Mayfield was born in Quitaque in 
Briscoe County in the lower Texas Panhandle to James Andrew Mayfield (1900–1993) and the former Irma Graves (1901–1984). He graduated from Quitaque High School and attended a year of college before he joined the United States Army during the Korean War. Upon his Army discharge, Mayfield finished college on the G.I. Bill of Rights. He played quarterback and received his bachelor's and master's degrees from West Texas A&M, then West Texas State University, at Canyon, south of Amarillo. While in college, Mayfield met his future wife, Mary Jean Hoover (1929–2005), whom he wed in 1950.

Mayfield began his head coaching career at Littlefield in Lamb County until he moved in 1958 to Borger in Hutchinson County. His 1962 Borger squad made the 4A state championship game, losing 26–30 to San Antonio Brackenridge. In 1965, Mayfield assumed the head coaching duties at Permian High School in Odessa in Ector County, where he started the school's winning tradition by beating San Antonio Lee 11-6 for the 1965 4A state championship, coining the name "father of mojo". Mayfield was only the fifth head coach in Texas' highest classification to win a state championship in his first year. Mayfield led Odessa Permian to the state finals on two other occasions, in 1968 and 1970, losing each time to Austin Reagan.

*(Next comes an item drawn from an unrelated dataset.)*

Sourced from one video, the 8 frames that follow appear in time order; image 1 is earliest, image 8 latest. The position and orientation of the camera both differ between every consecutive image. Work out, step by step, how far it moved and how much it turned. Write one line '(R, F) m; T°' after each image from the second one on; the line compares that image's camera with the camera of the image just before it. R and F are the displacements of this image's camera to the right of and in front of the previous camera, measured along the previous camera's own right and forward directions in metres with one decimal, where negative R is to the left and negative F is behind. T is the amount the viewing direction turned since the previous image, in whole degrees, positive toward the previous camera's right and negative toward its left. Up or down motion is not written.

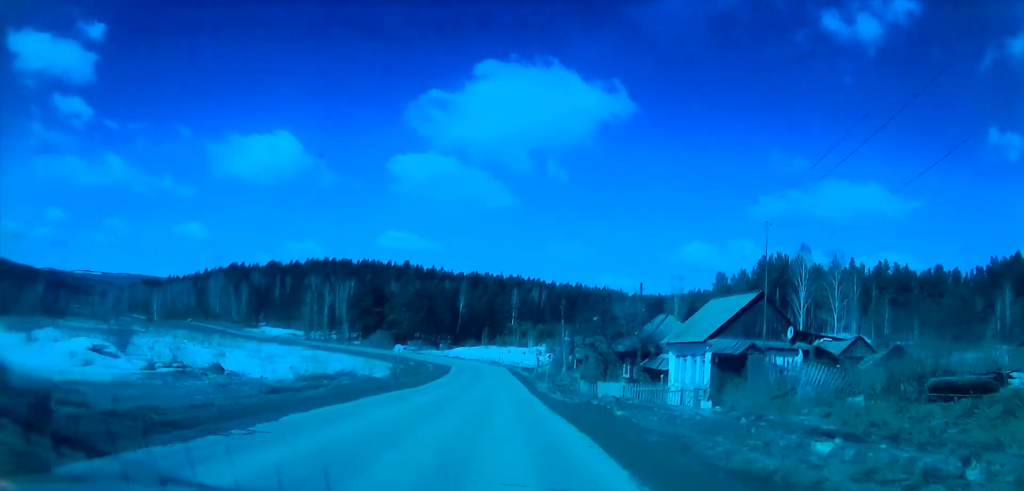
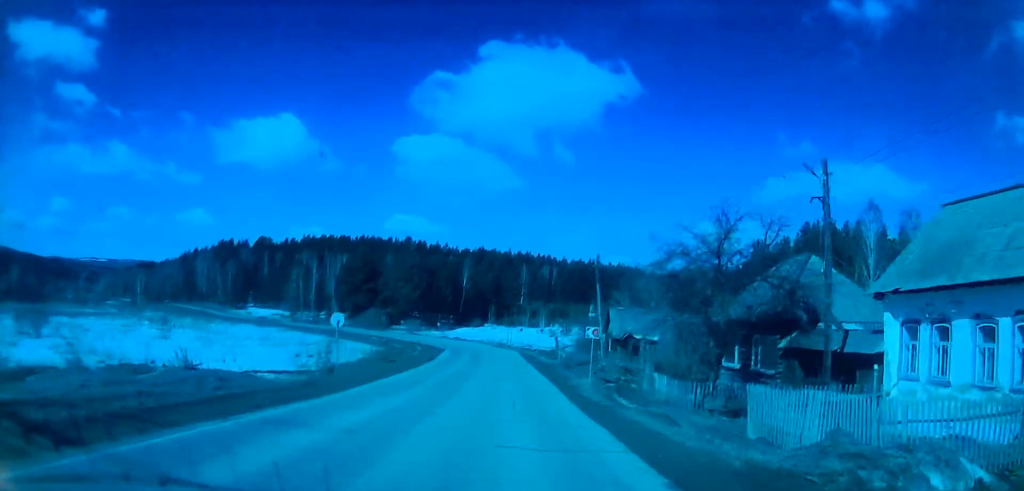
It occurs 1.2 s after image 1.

In 1971, Mayfield succeeded legendary Joe E. Kerbel at his alma mater, West Texas A&M. He had only mediocre success and left the university after the 1976 season with an overall record of 24–39–2. He retired from coaching in 1977 but returned in 1982 to coach at Levelland in Hockley County for six seasons. Mayfield's career high school coaching record was 178–71–8 (.708) In retirement, he was an avid hunter, fisherman, and golfer.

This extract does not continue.